Sequence Conversion Events within Centromeres
The IBM population presents a unique opportunity for identifying rare genetic exchanges within centromere cores. Since crossing over is suppressed in centromeres, the markers from a single centromere haplotype should always be inherited as a unit. While this is true for the great majority of centromeres, we also detected aberrant inheritance patterns. These fell into two categories: loss of a marker from a known centromere haplotype and gain or transfer of a marker from one haplotype to another (Figure 3). Marker loss is a negative result and difficult to confirm; such events may in principle represent deletions but could potentially represent technical errors and were thus not pursued further. In contrast, there are several definitive ways to confirm the gain of a marker in our scoring system, and we focused further analyses on these markers.

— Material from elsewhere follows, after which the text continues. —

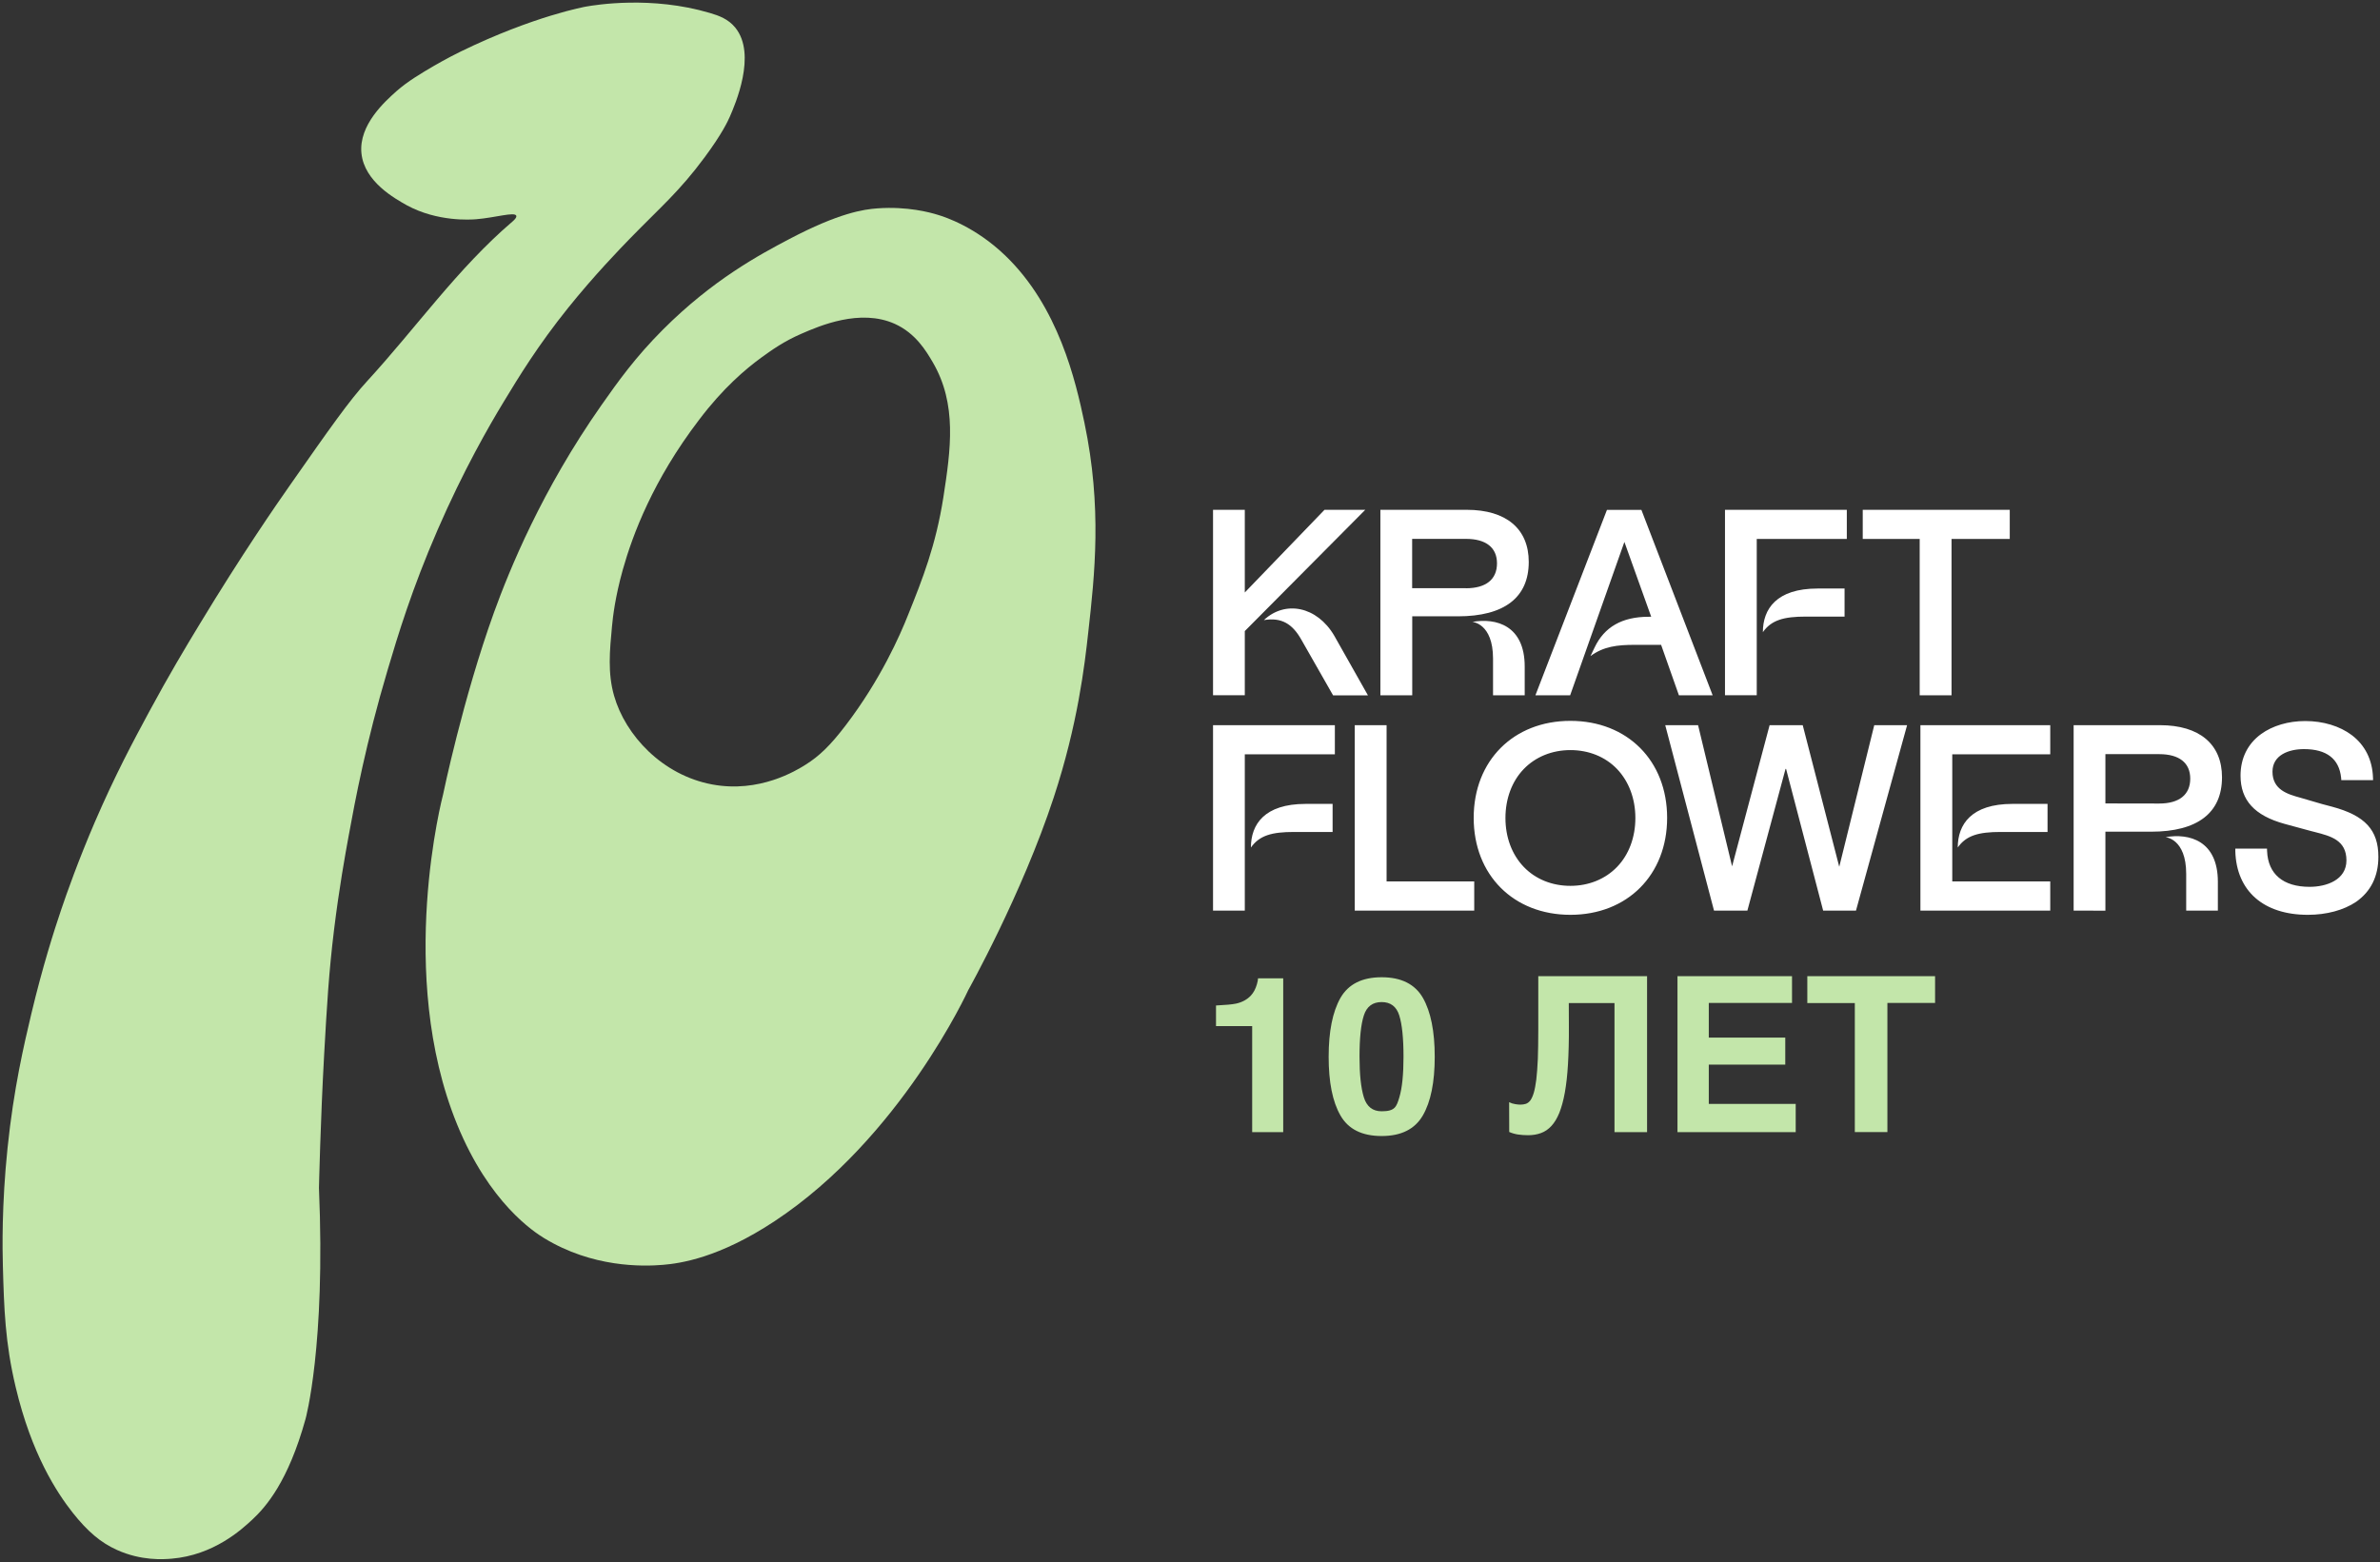 <svg version="1.1" id="Слой_1" xmlns="http://www.w3.org/2000/svg" x="0" y="0" viewBox="0 0 264.52 173.64" xml:space="preserve"><rect x="0" y="0" width="264.52" height="173.64" fill="#333333" stroke="none"/><style>.st3{fill:#c3e6aa}</style><path class="st3" d="M40.17 17.03c-.31-3.16 2.65-5.78 3.89-6.89 1.24-1.1 2.79-2.01 4.17-2.82.09-.05 1.44-.84 2.95-1.58 8.2-4 13.96-5.01 13.96-5.01 1.09-.19 7.28-1.21 13.75.71 1.03.3 2.06.68 2.83 1.63 2.43 2.97-.04 8.6-.6 9.89-.22.5-.86 1.9-2.8 4.52-2.8 3.79-4.89 5.53-8.27 9-1.13 1.16-4.03 4.16-6.92 7.76-3.35 4.17-5.46 7.64-7.18 10.48-1.59 2.62-4.44 7.56-7.31 14.17-2.85 6.56-4.41 11.71-5.56 15.59-2.41 8.1-3.61 14.49-4.33 18.44-.4 2.19-1.04 5.71-1.62 10.41-.59 4.84-.79 8.37-1.1 13.84-.41 7.35-.58 14.88-.58 14.88.75 17.59-1.49 25.68-1.49 25.68-1.93 6.96-4.4 9.77-5.91 11.18-1.22 1.14-4.32 3.96-8.97 4.35-.92.08-3.38.25-6.08-.97-1.82-.82-3.27-2.06-4.92-4.14-1.77-2.25-4.57-6.5-6.34-13.97-1.18-4.96-1.29-8.76-1.42-13.45-.05-1.86-.14-6.77.52-13.13.68-6.59 1.83-11.49 2.65-14.94 1.25-5.24 2.55-9.3 3.3-11.51.66-1.95 1.9-5.46 3.75-9.77 2.24-5.19 4.25-8.95 6.02-12.23C18.8 75 20.6 72 22.19 69.38c4.62-7.64 8.53-13.3 10.09-15.52 4.36-6.23 6.55-9.35 8.54-11.51 5.4-5.88 10.05-12.52 16.11-17.7.11-.09.53-.45.45-.67-.18-.46-2.35.22-4.46.39-.62.05-4.29.3-7.7-1.55-1.29-.73-4.73-2.6-5.05-5.79"/><path class="st3" d="M120.53 47.01c-.98-4.68-2.88-12.91-8.8-18.6-3.31-3.18-6.65-4.28-7.53-4.54-.81-.25-3.34-.95-6.67-.71-1.54.11-4.27.5-9.8 3.41-3.31 1.74-8.53 4.54-14.06 10.08-3.09 3.1-4.97 5.75-6.82 8.38-6.64 9.46-10.23 18.32-11.93 23-3.48 9.63-5.68 20.31-5.68 20.31s-5.27 19.9 1.56 36.64c3.59 8.79 8.59 11.98 9.66 12.64 5.38 3.29 10.94 3.17 13.21 2.98 1.92-.16 6.23-.76 12.43-4.86 14.03-9.27 21.51-25.67 21.51-25.67s5.97-10.66 9.51-21.44c2.67-8.12 3.43-14.69 3.83-18.32.72-6.42 1.55-13.89-.42-23.3M93.99 80.63c-1.72 2.26-2.94 3.42-4.45 4.37-1.03.65-5.13 3.18-10.38 2.2-5.55-1.03-9.66-5.47-10.91-9.86-.72-2.51-.49-4.99-.23-7.73.1-1.07.35-3.23 1.19-6.25 1.11-3.96 3.39-10.01 8.47-16.67 2.7-3.58 5.22-5.69 6.96-6.96 1.15-.83 2.47-1.78 4.43-2.63 2.02-.88 6.53-2.83 10.38-1.1 2.32 1.05 3.48 3.01 4.22 4.27 2.72 4.66 2 9.69 1.18 15-.84 5.37-2.33 9.12-3.91 13.05-.91 2.31-3.09 7.26-6.95 12.31"/><path style="fill:none" d="M124.51 47.32h150.25v63.72H124.51z"/><path class="st3" d="M142.61 125.85h-3.44v-11.79h-4.02v-2.29c1.06-.05 1.8-.12 2.23-.21q1.02-.225 1.65-.9.435-.465.66-1.23c.09-.31.13-.53.13-.68h2.8v17.1zm10.95.43c-2.18 0-3.71-.76-4.58-2.29-.88-1.53-1.31-3.7-1.31-6.52s.44-5 1.31-6.54c.88-1.53 2.4-2.3 4.58-2.3s3.71.77 4.59 2.3c.87 1.53 1.31 3.71 1.31 6.54s-.44 5-1.32 6.52-2.4 2.29-4.58 2.29m1.97-4.31c.31-1.04.46-2.54.46-4.51 0-2.06-.16-3.59-.47-4.58s-.96-1.49-1.96-1.49-1.66.49-1.98 1.49c-.32.99-.48 2.52-.48 4.58 0 1.97.16 3.47.48 4.51q.48 1.56 1.98 1.56c1.5 0 1.65-.51 1.97-1.56m15.43-13.46h12.1v17.34h-3.62V111.5h-5.08l.01 2.62c.01 1.58-.03 2.97-.1 4.18s-.19 2.26-.35 3.15-.37 1.64-.61 2.25c-.25.61-.54 1.09-.88 1.46s-.72.63-1.16.79c-.43.16-.91.24-1.43.24-.42 0-.8-.03-1.13-.08s-.65-.14-.97-.28l-.01-3.31c.11.05.23.1.35.14.12.03.24.06.36.08s.22.03.32.04.17.01.23.01q.315 0 .6-.09c.18-.06.35-.19.5-.38.14-.2.27-.48.38-.85s.2-.86.28-1.47c.07-.61.13-1.37.17-2.28.03-.9.05-1.98.05-3.24v-5.97zm27.46 9.83h-8.5v4.37h9.66v3.14h-13.14v-17.34h12.73v2.98h-9.25v3.85h8.5zm2.45-9.83h14.2v2.98h-5.3v14.35h-3.62V111.5h-5.28z"/><g id="Layer_2_00000080926978095229583780000005034614457970682266_"><path d="M148.16 77.29s-2.37-4.15-3.54-6.21c-.98-1.73-2.19-2.48-4.15-2.15 2.37-2.23 5.91-1.53 7.82 1.73l3.75 6.64h-3.88zm-13.34 0V56.67h3.53v9.19l8.86-9.19h4.53l-13.39 13.48v7.13h-3.53zm51.78 0-1.98-5.61h-2.91c-1.95 0-3.47.17-4.94 1.25l.45-.94c1.09-2.3 3.06-3.43 6.02-3.43h.28l-2.98-8.32-6.03 17.05h-3.86l7.95-20.61h3.83l7.92 20.61zm5.12 0V56.67h13.54v3.24h-10.01v17.37h-3.53zm10.29-11.87h3v3.12h-4.31c-2.43 0-3.82.38-4.77 1.73 0-2.57 1.51-4.85 6.08-4.85m11.35 11.87V59.91h-6.33v-3.24h16.34v3.24h-6.47v17.38zm-62.79 23.93V80.61h3.54v17.37h9.74v3.24zm23.97.47c-6.33 0-10.75-4.43-10.75-10.78s4.42-10.78 10.75-10.78 10.75 4.43 10.75 10.78-4.43 10.78-10.75 10.78m0-18.31c-2.04 0-3.88.75-5.19 2.11s-2.03 3.29-2.03 5.44.72 4.06 2.03 5.43 3.15 2.11 5.19 2.11 3.88-.75 5.19-2.11 2.03-3.29 2.03-5.43-.72-4.06-2.03-5.44c-1.32-1.38-3.17-2.11-5.19-2.11m28.09 17.84-4.12-15.75h-.06l-4.24 15.75h-3.71l-5.42-20.61h3.65l3.78 15.69 4.17-15.69h3.68l4.06 15.74 3.89-15.74h3.65l-5.68 20.61zm10.81 0V80.61h14.43v3.24h-10.89v14.13h10.89v3.24zm10.23-11.86h3.9v3.12h-5.21c-2.43 0-3.83.38-4.77 1.73 0-2.57 1.51-4.85 6.08-4.85m32.83 12.33c-4.92 0-7.93-2.64-8.06-7.06v-.3h3.52l.01.28c.11 2.56 1.79 3.97 4.73 3.97 1.88 0 4.09-.77 4.09-2.94 0-2.25-1.76-2.7-3.46-3.14l-.51-.13-2.91-.79c-3.33-.92-4.89-2.62-4.89-5.36 0-1.93.79-3.53 2.28-4.62 1.28-.93 3.02-1.45 4.91-1.45 2 0 3.84.56 5.18 1.57 1.46 1.11 2.28 2.73 2.35 4.7l.01.3h-3.53l-.02-.26c-.22-2.11-1.61-3.19-4.13-3.19-1.69 0-3.5.66-3.5 2.51 0 2.02 1.71 2.51 3.09 2.89.49.14.94.27 1.37.4.71.21 1.38.41 2.16.6 3.66.98 5.15 2.59 5.15 5.57 0 2.17-.84 3.86-2.48 5.01-1.37.92-3.27 1.44-5.36 1.44m-90.56-24.4v-4.08c0-3.94-2.3-4.08-2.3-4.08 2.64-.47 5.82.39 5.82 4.96v3.2zm-12.52 0V56.67h9.6c4.38 0 6.89 2.11 6.89 5.79 0 3.96-2.72 6.05-7.88 6.05h-5.07v8.78zm9.51-11.9c2.22 0 3.45-.98 3.45-2.77 0-1.75-1.22-2.72-3.45-2.72h-5.98v5.48h5.98zm80.05 35.83v-4.08c0-3.93-2.3-4.08-2.3-4.08 2.64-.47 5.82.39 5.82 4.96v3.2zm-12.51 0V80.61h9.6c4.38 0 6.89 2.11 6.89 5.79 0 3.96-2.72 6.05-7.88 6.05H234v8.78zm9.51-11.9c2.22 0 3.45-.98 3.45-2.77 0-1.75-1.22-2.72-3.45-2.72H234v5.48zm-105.16 11.9V80.61h13.54v3.24h-10.01v17.37zm10.29-11.86h3v3.12h-4.31c-2.43 0-3.82.38-4.77 1.73 0-2.58 1.51-4.85 6.08-4.85" style="fill:#fff" id="Layer_1-2_00000125604694567640512040000016317072755057237431_"/></g></svg>

There were four cases of marker gain, each potentially representing a genetic exchange event. We first cloned and sequenced each affected band from its parental line. We then performed a new round of TD using sequence-specific primers. In two such cases, the originally scored gained bands were not observed using the sequence-specific primers, indicating that the bands likely represent new polymorphisms that happened to co-migrate with one of the mapped markers. Two other bands—B73_8_ACC165 and Mo17_5_TCG264—were confirmed by sequence to represent the parental markers. At least one of these markers (B73_8_ACC165) lies within the functional CENH3 core as assayed by ChIP display. The second marker (Mo17_5_TCG264) did not precipitate with CENH3 antisera in our hands, though we note that a negative result by ChIP does not necessarily imply that the marker is not centromeric.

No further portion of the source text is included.